When I was a prospect researcher working in Major Gifts and doing a little predictive modeling on the side, I was innocent of the intricacies of Annual Giving. I produced the models, and waited for the magic to happen. Hey, I wondered, how hard can it be? I tell you who’s most likely to give, and you get to work on that. Done.

Today, I’m responsible for running a phonathon program. Now I’M the guy who’s supposed to apply predictive scores to the Annual Fund, without messing everything up. What looked simple from the outside now looks like Rubik’s Cube. And I never solved Rubik’s Cube. (Had the book, but not the patience.)

In the same way, I have found that books and other resources on phonathon management are just no help when it comes to propensity-based segmentation. There seem to be no readily-available prototypes.

So let’s change that. Today I’m going to share a summary of the segmentation we hope to implement this fall. It’s not as detailed as our actual plan, but should give enough information to inform the development of your own plan. I’ve had to tear the Rubik’s Cube apart, as I used to do as a kid, and reassemble from scratch.

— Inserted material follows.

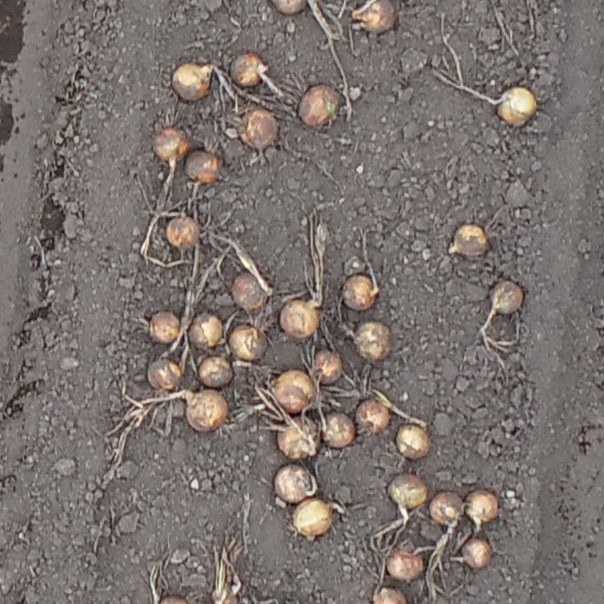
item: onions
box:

Click on this link to open a Word doc: “Phone segments”. Each row in this document is a separate segment. The segments are grouped into “blocks,” according to how many call attempts will be applied to each segment. Notice that the first column is “Decile Score”. That’s right, the first level of selection is going to be the propensity-of-giving predictive score I created for Phonathon.

It would seem that shifting from “traditional” segmentation is just as easy as that, but in fact making this change took a lot of hard thinking and consultation with others who have experience with phonathon. (*** See credits at end.)

Why was it so hard? Read on!

The first thing we have to ask ourselves is, why do we segment at all? The primary goals, as I see them, are:

  1. PRIORITIZATION: Focusing attention and resources on the best prospects
  2. MESSAGING: Customizing appeals to natural groupings of alumni

There are other reasons, including being able to track performance of various groups over time, but these are the most important at this planning stage.

By “prioritization,” I mean that alumni with the greatest propensity to give should be given special consideration in order to maximize response. Alumni who are most likely to give should:

  • receive the most care and attention with regards to when they are asked (early in the calling season, soonest after mail drops, etc.);
  • be assigned to the best and most experienced callers, and
  • have higher call-attempt limits than other, lower-propensity alumni.

The other goal, “messaging,” is simple enough to understand: We tailor our message to alumni based on what sort of group they are in. Alumni fall into a few groups based on their past donor history (LYBUNT, SYBUNT, never donor), which largely determines our solicitation goal for them (Leadership, Renewal, Acquisition). Alumni are also segmented by faculty, a common practice when alumni are believed to feel greater affinity for their faculty than they do the university as a whole. There may also be special segments created for other characteristics (young alumni, for example), or for special fundraising projects that need to be treated separately.

The “message” goal is often placed at the centre of phonathon segmentation — at the expense of optimizing treatment of the best prospects, in my view. In many programs, a rigid structure of calling by faculty commonly prevails, exhausting one message-defined pool (eg. “Law, Donors”) before moving on to the next. There are benefits to working one homogeneous calling pool at a time — callers can more quickly become familiar with the message (and objections to it) if it stays consistent through the night. However, overall gains in the program might be realized by taking a more propensity-driven approach.

Predictive modeling for propensity to give is the “new thing” that allows us to bring prioritization to the fore. Traditionally, propensity to give has been determined mainly by previous giving history, which is based on reasonable assumptions: Alumni who have given recently are most likely to give again. This approach works for donors, but is not helpful for segmenting the non-donor pool for acquisition. Predictive modeling is a marked improvement over giving history alone for segmenting donors as well: a never-donor who has a high likelihood of giving is far more valuable to the institution than a donor who is very unlikely to renew. Only predictive modeling can give us the insight into the unknown to allow us to decide who is the better prospect.

The issue: Layers of complexity

We need to somehow incorporate the scores from the predictive model into segmentation. But simply creating an additional level of segmentation will create an unreasonable amount of complexity: “Score decile 10, Law, donors”, “Score decile 9, Medicine, non-donors”, etc. etc. The number of segments would become unmanageable and many of them would be too small, especially when additionally broken up by time zone.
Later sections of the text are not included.